It's more of a "zen" thing. I'm not knocking other forms of fishing. I've had more than my fair share of experience with taking big monster bass on a popper on top of a weed bed, of pulling a buzz bait along a weedline and hitting nice Northerns, and as a kid growing up near Wyoga Lake, the kids in the neighborhood used to have our own little carp tournaments, and I looked forward to it every weekend in the summers.

But there's _something_ about trout... perhaps it's because of the environment you are normally in when fishing for them - cold, clear streams; prisitine and clean, because trout are a pretty fragile fish and need clean oxygentated water to survive...

Or it's the fact that you are trying to fool these fish with what amounts to nothing more than a fingerful of feathers or fur...

Maybe it's because of the solitude - (other than attempting opening day of the season on a popular stream LOL)

For the most part, you can get off by yourself - no loud motors, no busy ramps. There's something about following a beautiful stream or brook, walking through the woods or meadow, looking for "that spot".

IMO, it's a much more "genteel" form of fishing, elegant almost, relying on presentation; as opposed to simply chucking a huge lure with 3 treble hooks that could snag a helicopter if one was to fly too low.. LOL 

In the end, I think it's the experience on the whole - an appreciation for nature, the beauty of the surroundings, the challenge, the solitude, becoming one with the stream that you are fishing.

Just one man's opinion.


----------



## Andrew S (Jul 7, 2011)

I'm largely with nitsud. Trout, under the right circumstances, are great. But all the stuff people have said can apply to any other kind of fish. To me, there's nothing more sublime than poking shoreline cover for largemouth on a misty summer morning, or slipping a crayfish imitation under that overhanging bunch of tree roots to find a smallmouth, or fishing the outgoing tide on a coastal river with big herring flies where hungry stripers lurk, or well, you get the idea.

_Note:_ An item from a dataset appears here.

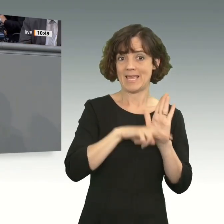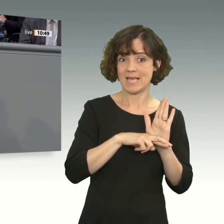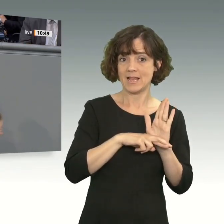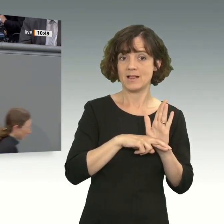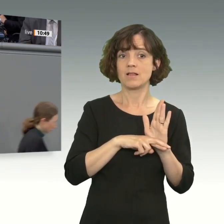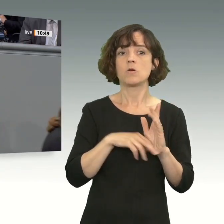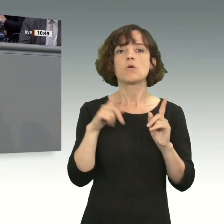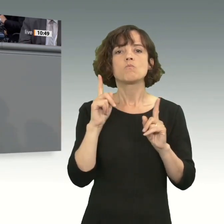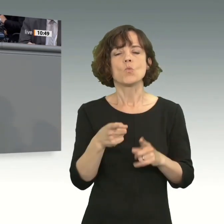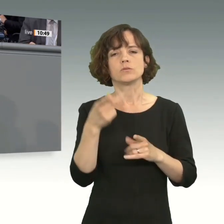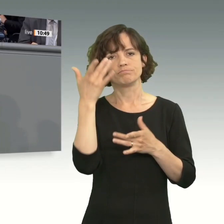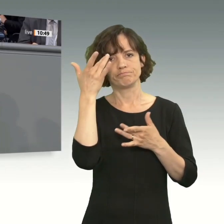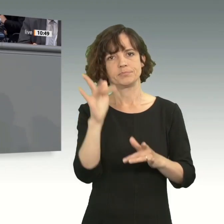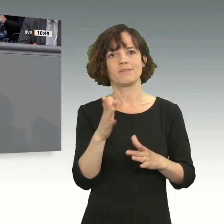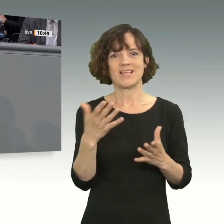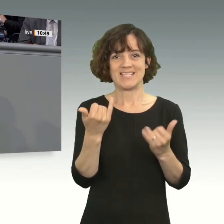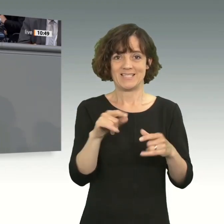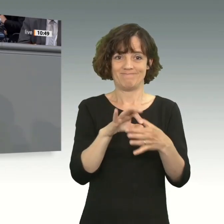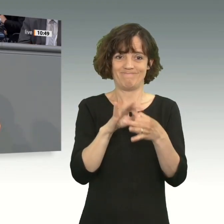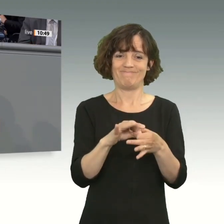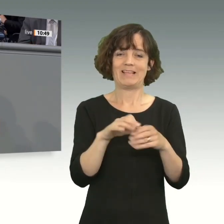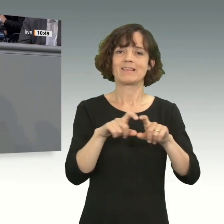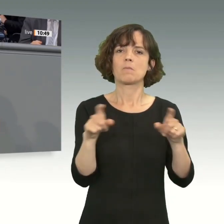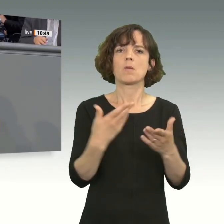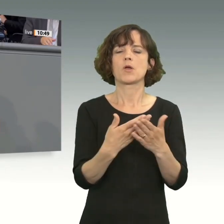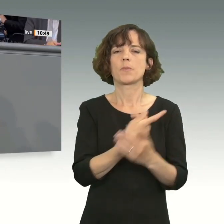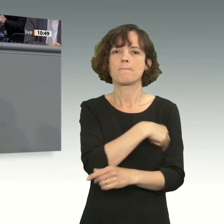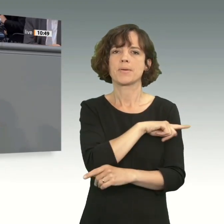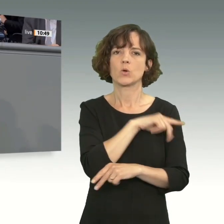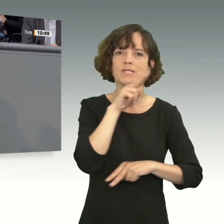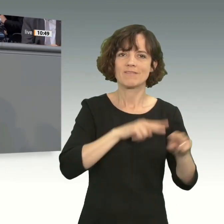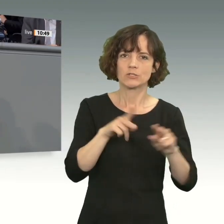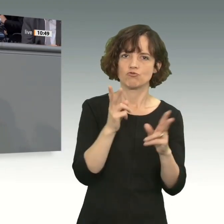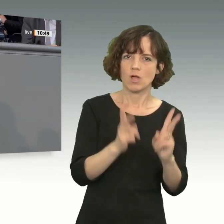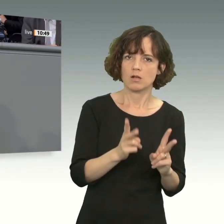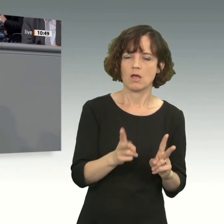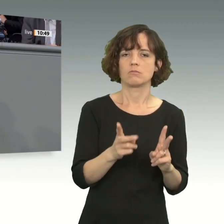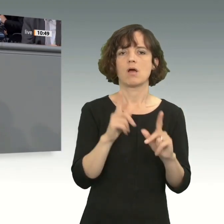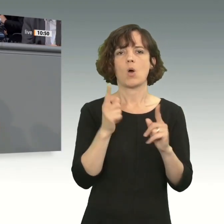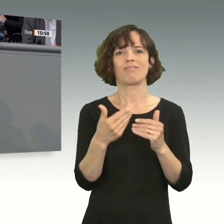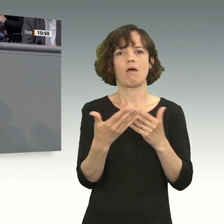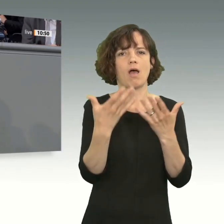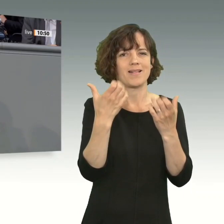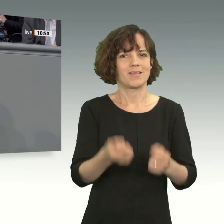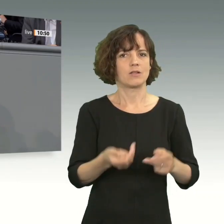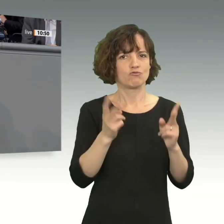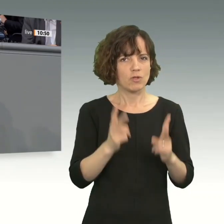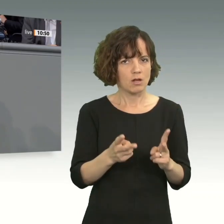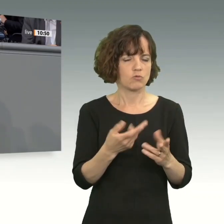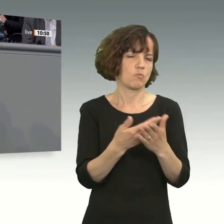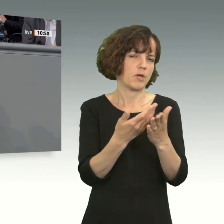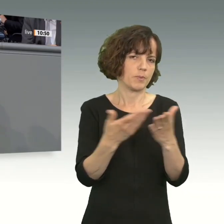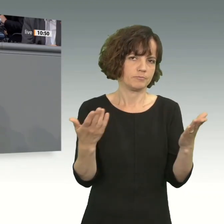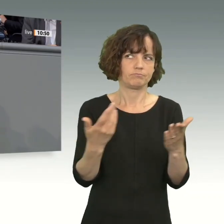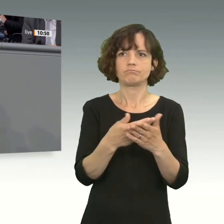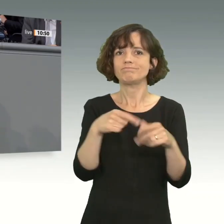der muss auch anerkennen, dass wir jetzt hier, was das Thema Biodiversitätsstandards anbelangt, zum Beispiel, auch die Nachhaltigkeitsstandards, zum Beispiel,

Wild trout, and particularly native trout in their native range (which in the case of rainbows, means essentially only four states in the U.S.) are great...but the cookie cutter, pale washed-out stockies that they pack into streams in virtually every state of the union, where people line up elbow-to-elbow to catch them on corn niblets.

Yawn.


(No offense fallen  )


----------



## TheCream (Mar 19, 2009)

Andrew S said:


> I'm largely with nitsud. Trout, under the right circumstances, are great. But all the stuff people have said can apply to any other kind of fish. To me, there's nothing more sublime than poking shoreline cover for largemouth on a misty summer morning, or slipping a crayfish imitation under that overhanging bunch of tree roots to find a smallmouth, or fishing the outgoing tide on a coastal river with big herring flies where hungry stripers lurk, or well, you get the idea.
> 
> Wild trout, and particularly native trout in their native range (which in the case of rainbows, means essentially only four states in the U.S.) are great...but the cookie cutter, pale washed-out stockies that they pack into streams in virtually every state of the union, where people line up elbow-to-elbow to catch them on corn niblets.
> 
> ...


You pretty much took the words out of my mouth, Andrew. For me...and I love large, bug-eating, square tailed minnows...there is nothing quite as exciting as a good bass exploding on a surface fly. But for my money, the best "rush" in fly fishing is that initial explosive run of a big carp miliseconds after it's hooked. They just plain go nuts, and trying to stop them is like trying to brake an out-of-control 50 car train with a 7wt. :B

As for the cookie cutter stockers, if people like them they can have them. I avoid stocker streams like the plague. Not much about that appeals to me. But catching sub-12" native and wild trout in small streams is something I could do all day, every day.


----------



## Andrew S (Jul 7, 2011)

I've had this discussion a lot with a friend of mine who likes to fish for everything, but certainly likes to fish for trout more than I do. My criteria for the "perfect" fish, in no particular order, include:

1) It's beautiful
2) It fights well
3) It gets "reasonably" large
4) It lives in places where I like to fish
5) It's wild, not stocked
6) It's native

Now, what this means is that many of the fish I fish for don't get "perfect scores". I like to fish for carp, but they're not native where I fish for them (and whether they're beautiful is debatable, I suppose! I happen to like their looks.) Sunfish don't score well on criterion number 3, at least for my tastes - but I still like them because they have a lot of the other things going for them. Stripers along the Atlantic coast - my main target until I moved to Ohio - had it all. Tarpon, which I fished for in Puerto Rico, got bonus points on all accounts.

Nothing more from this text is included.